Рассказ Брызгалова настолько сильно задел Окаёмовскую совесть («астропсихолог», блин! предсказал — напророчил! измышлял, понимаешь, какое-то фантастическое стечение обстоятельств, а всё вышло куда страшнее и проще! твой злосчастный прогноз напрямую привёл к гибели Алексея! а заодно — и к самоубийству Валечки!), что, кое-как высказав своё мнение относительно Красикова, астролог полностью ушёл в себя.
Естественно, это было замечено окружающими, и из сочувствия к Окаёмову — да уж, не позавидуешь! и дёрнуло же Брызгалова дословно передавать красиковские показания! хотя, конечно, следователь не знал об авторстве рокового предсказания! — никто не попытался вовлечь Льва Ивановича в общую беседу. Даже Танечка не могла найти никаких утешающих слов, а лишь, пристроившись рядом, закинула на плечи астрологу левую руку, давая этим понять расстроенному Лёвушке, что она с ним везде и всегда — и в радости, и в горе. И прозвучавшее вдруг обращение Ильи Благовестова, оказалось освежающим дуновением ветерка не только для астролога — для всех.

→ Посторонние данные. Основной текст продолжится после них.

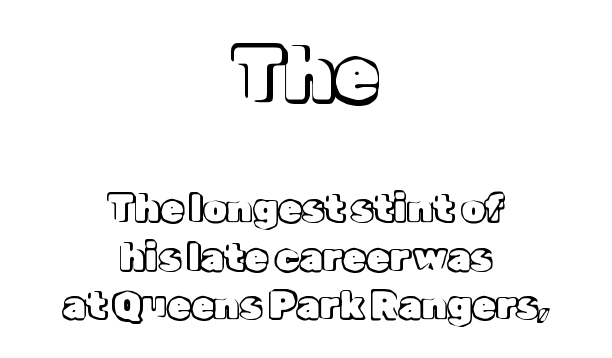
The image shows 75 px text type, upright; set centered, normal line spacing (1.28x), normal letter spacing, not underlined; the first (top) block is 1.97x larger; a medium x-height.
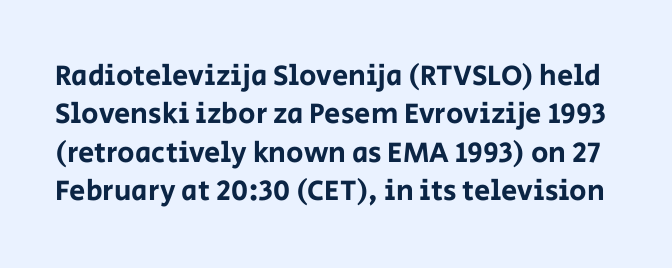
The rendering uses natural spacing where letterforms have individual widths. Leading matches the norm, producing a regular column. Descenders hang freely into open space. The characters display no serif detailing; their extremities are plain. It's the straight-up-and-down kind of type.
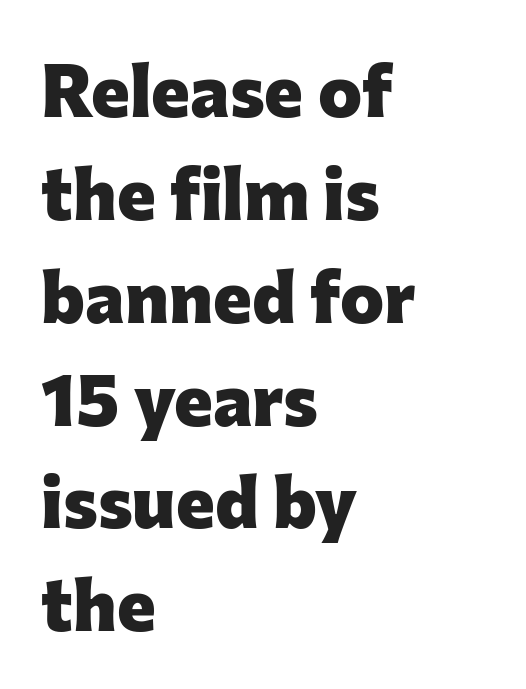
{"serif": "no", "italic": "no", "bold": "yes", "weight": "heavy", "width": "normal", "stroke_contrast": "low", "x_height": "medium", "monospaced": "no", "underline": "no", "align": "left", "line_spacing": "normal", "line_spacing_ratio": 1.39, "letter_spacing": "normal", "letter_spacing_em": 0.0, "glyph_px": 74}
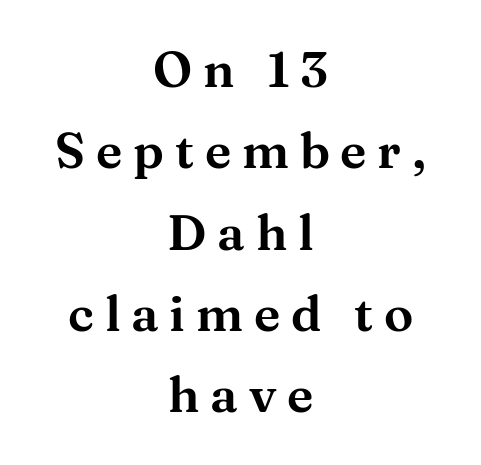
{"serif": "yes", "italic": "no", "width": "wide", "stroke_contrast": "medium", "x_height": "medium", "monospaced": "no", "underline": "no", "align": "center", "line_spacing": "normal", "line_spacing_ratio": 1.66, "letter_spacing": "wide", "letter_spacing_em": 0.22, "glyph_px": 49}
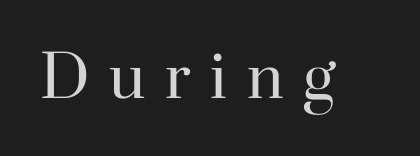
The image shows 58 px regular-weight serif type, upright; set unusually wide letter spacing (+0.34 em), not underlined; high stroke contrast and a small x-height.
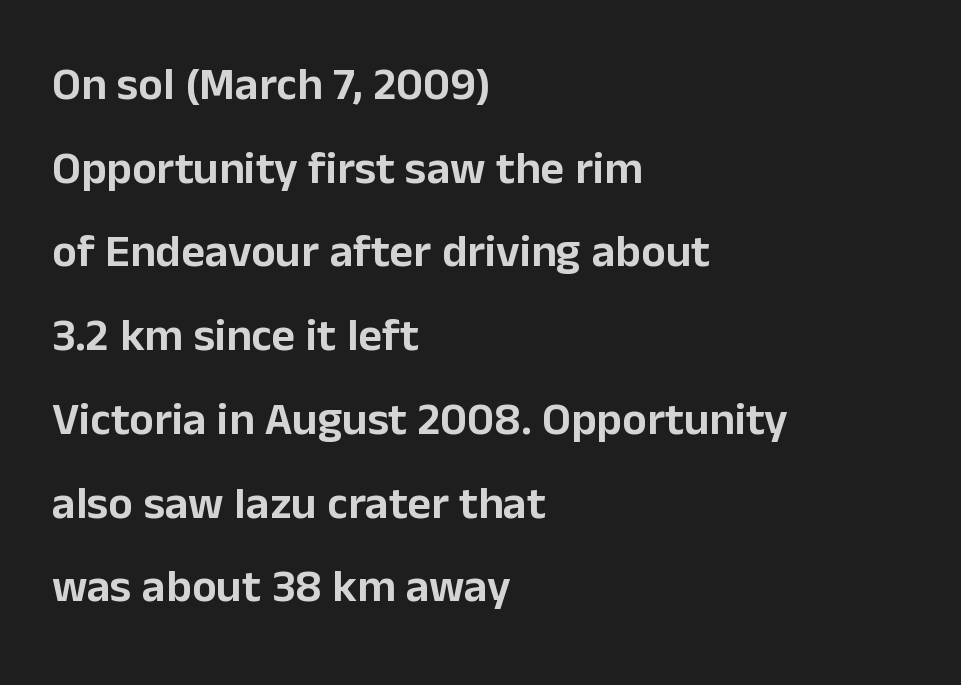
Q: Is the text italic (slanted)? A: No, it is upright.
Q: Is the typeface a serif or a sans-serif typeface? A: Sans-serif.
Q: Is the text underlined? A: No.
Q: How is the paragraph aligned? A: Left-aligned.
Q: Is the spacing between letters normal or unusually wide? A: Normal.
Q: Width (condensed, normal, or wide)? A: Normal.
Q: Stroke contrast? A: Low.
Q: x-height? A: Medium.
Q: Monospaced? A: No.
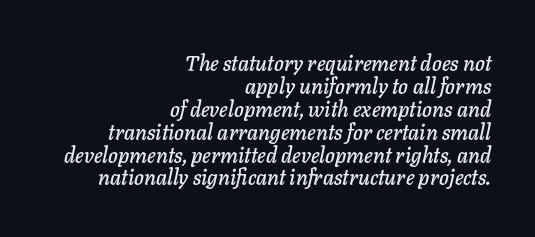
This rendering leaves character spacing at its baseline value. Rows of type sit shoulder to shoulder in the vertical direction. These lines were composed using italics. The rendering anchors every line to the right-hand side.

— А давайте-ка, Лев Иванович — моего вина. Нет, не отрицаю, душевные самобичевания бывают порой полезны, но во всём надо знать меру. А вы, по-моему, самоедничаете чересчур интенсивно. И это уже может пойти во вред. Так что… Пётр Семёнович — не в службу, а в дружбу?..
Обрадованный этой, так вовремя прозвучавшей просьбой, Пётр принёс оставленную в прихожей огромную сумку, достал из неё объёмистый глиняный кувшин, бутылку коньяку, а также пирожные, ананас, мандарины, сыр, ветчину, банку маслин и нарезку из осетрины. Ахнувшая Танечка мигом накрыла на стол, и Илья всем — даже непьющему Малькову — налил по бокалу вина. Которое после первого глотка вовсе не показалось астрологу попробованным им в гостях у «сектантов» божественным нектаром. Второй глоток разочаровал ещё больше: обычная сухая кислятина — к тому же, с неприятной горчинкой. Но после третьего… какое, к чертям, вино! Эликсир жизни! Бальзам для души! Смейтесь, смейтесь над этой высокопарностью — но! Когда вопит ущемлённая совесть и эти вопли терзают душу — то! Всякое, снявшее боль, лекарство покажется эликсиром жизни! А любой его вкус — божественным!
Выпив бокал до дна, Лев Иванович понял: какую бы высокую оценку, отведав его впервые, он ни дал вину Ильи Благовестова — недооценил его в тысячу раз! Во многие тысячи! В десятки и сотни тысяч! В миллионы раз! Ибо это, налитое Ильёй из глиняного кувшина, будто бы обыкновенное виноградное вино — теперь уже никаких сомнений! — воистину ТО вино. Которое — не из земных виноградников. И бывшие проведённой на тюремных нарах ночью фантазии о его происхождении — отнюдь не фантазии. Всё именно так и обстоит: обыкновенное неземное вино. И, соответственно, Илья Давидович — обыкновенный…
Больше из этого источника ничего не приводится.